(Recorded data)
------------------------------

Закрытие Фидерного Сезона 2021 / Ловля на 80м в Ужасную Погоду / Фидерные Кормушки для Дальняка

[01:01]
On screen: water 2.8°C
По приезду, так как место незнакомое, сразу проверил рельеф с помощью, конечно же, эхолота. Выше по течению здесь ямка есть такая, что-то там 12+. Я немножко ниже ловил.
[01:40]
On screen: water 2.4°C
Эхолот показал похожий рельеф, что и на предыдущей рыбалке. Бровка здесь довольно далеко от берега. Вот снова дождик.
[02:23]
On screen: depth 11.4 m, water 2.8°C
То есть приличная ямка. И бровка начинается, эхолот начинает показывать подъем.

------------------------------

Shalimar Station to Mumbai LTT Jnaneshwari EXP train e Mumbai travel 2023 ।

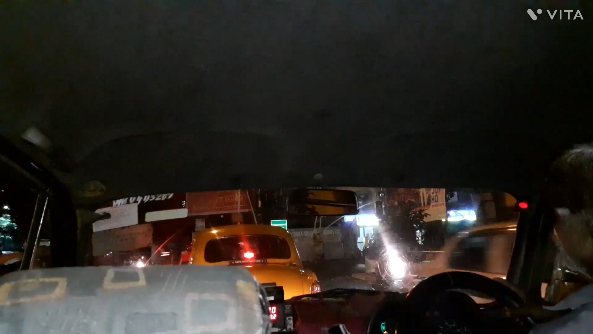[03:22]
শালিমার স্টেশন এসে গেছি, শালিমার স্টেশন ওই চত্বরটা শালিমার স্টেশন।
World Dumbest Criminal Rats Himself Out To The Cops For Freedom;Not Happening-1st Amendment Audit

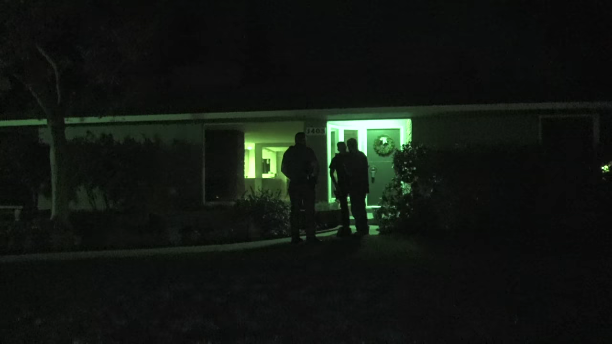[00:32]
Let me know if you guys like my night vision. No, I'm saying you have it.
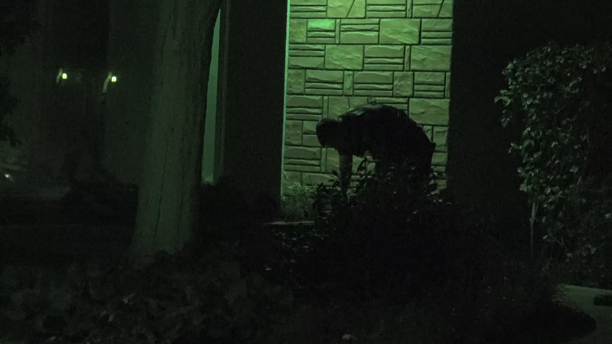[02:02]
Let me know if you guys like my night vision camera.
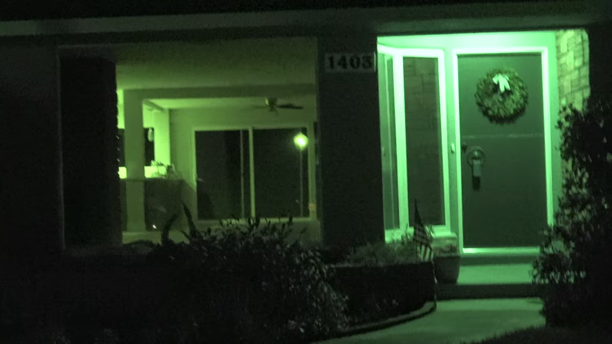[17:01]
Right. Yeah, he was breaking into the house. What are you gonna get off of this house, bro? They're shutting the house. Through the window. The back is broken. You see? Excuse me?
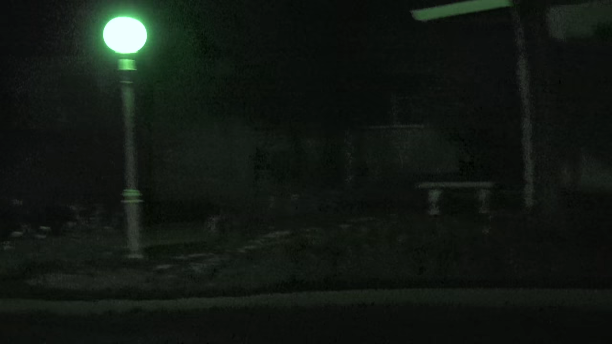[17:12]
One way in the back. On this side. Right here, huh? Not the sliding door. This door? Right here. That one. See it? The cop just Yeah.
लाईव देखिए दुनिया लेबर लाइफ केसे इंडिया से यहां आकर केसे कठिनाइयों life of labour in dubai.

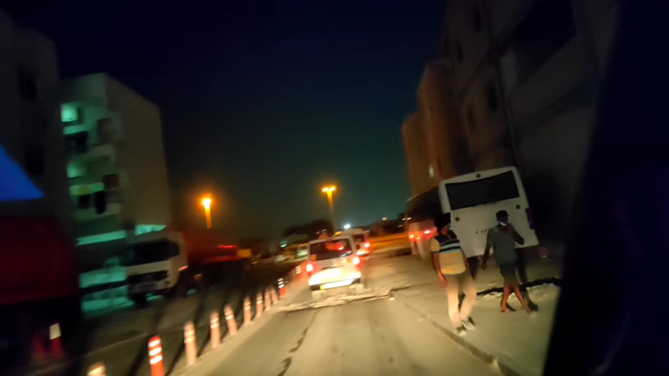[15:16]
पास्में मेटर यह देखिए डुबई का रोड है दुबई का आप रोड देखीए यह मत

------------------------------

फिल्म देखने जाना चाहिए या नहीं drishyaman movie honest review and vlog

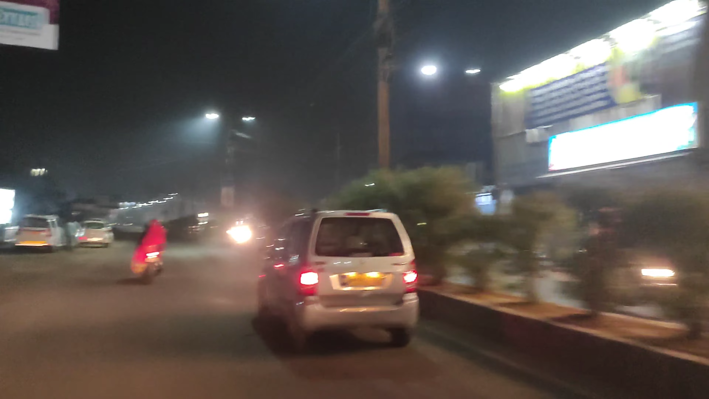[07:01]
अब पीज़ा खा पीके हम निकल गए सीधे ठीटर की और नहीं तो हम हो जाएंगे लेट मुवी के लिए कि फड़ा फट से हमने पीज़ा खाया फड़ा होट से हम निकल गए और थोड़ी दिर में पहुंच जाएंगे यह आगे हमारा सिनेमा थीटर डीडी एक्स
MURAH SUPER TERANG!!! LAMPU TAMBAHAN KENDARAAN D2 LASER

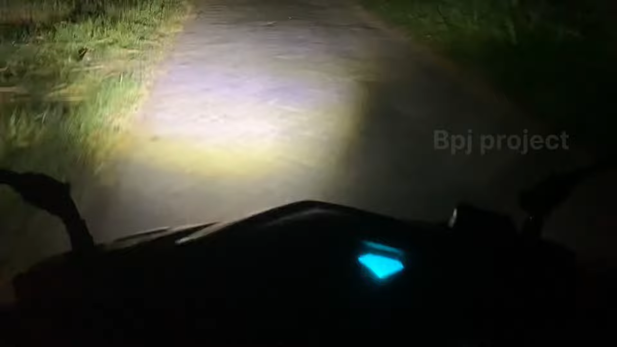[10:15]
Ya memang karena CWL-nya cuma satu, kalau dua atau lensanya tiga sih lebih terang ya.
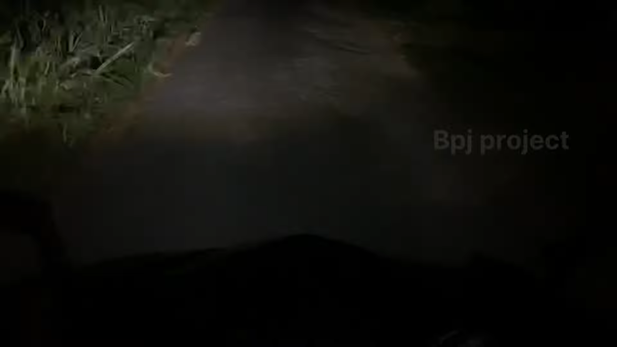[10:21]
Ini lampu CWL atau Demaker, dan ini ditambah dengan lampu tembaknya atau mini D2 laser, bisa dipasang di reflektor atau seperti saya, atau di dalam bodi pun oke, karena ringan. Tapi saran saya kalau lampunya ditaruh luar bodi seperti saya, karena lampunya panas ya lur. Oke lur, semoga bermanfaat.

------------------------------

*ASSIGNMENT*: Those lines of the records above that run from the one containing "Shalimar Station to" through the one containing "लाईव देखिए दुनिया" should be returned exactly, with no pictures among them.

*YOUR SOLUTION*:
Shalimar Station to Mumbai LTT Jnaneshwari EXP train e Mumbai travel 2023 ।

[03:22]
শালিমার স্টেশন এসে গেছি, শালিমার স্টেশন ওই চত্বরটা শালিমার স্টেশন।
World Dumbest Criminal Rats Himself Out To The Cops For Freedom;Not Happening-1st Amendment Audit

[00:32]
Let me know if you guys like my night vision. No, I'm saying you have it.
[02:02]
Let me know if you guys like my night vision camera.
[17:01]
Right. Yeah, he was breaking into the house. What are you gonna get off of this house, bro? They're shutting the house. Through the window. The back is broken. You see? Excuse me?
[17:12]
One way in the back. On this side. Right here, huh? Not the sliding door. This door? Right here. That one. See it? The cop just Yeah.
लाईव देखिए दुनिया लेबर लाइफ केसे इंडिया से यहां आकर केसे कठिनाइयों life of labour in dubai.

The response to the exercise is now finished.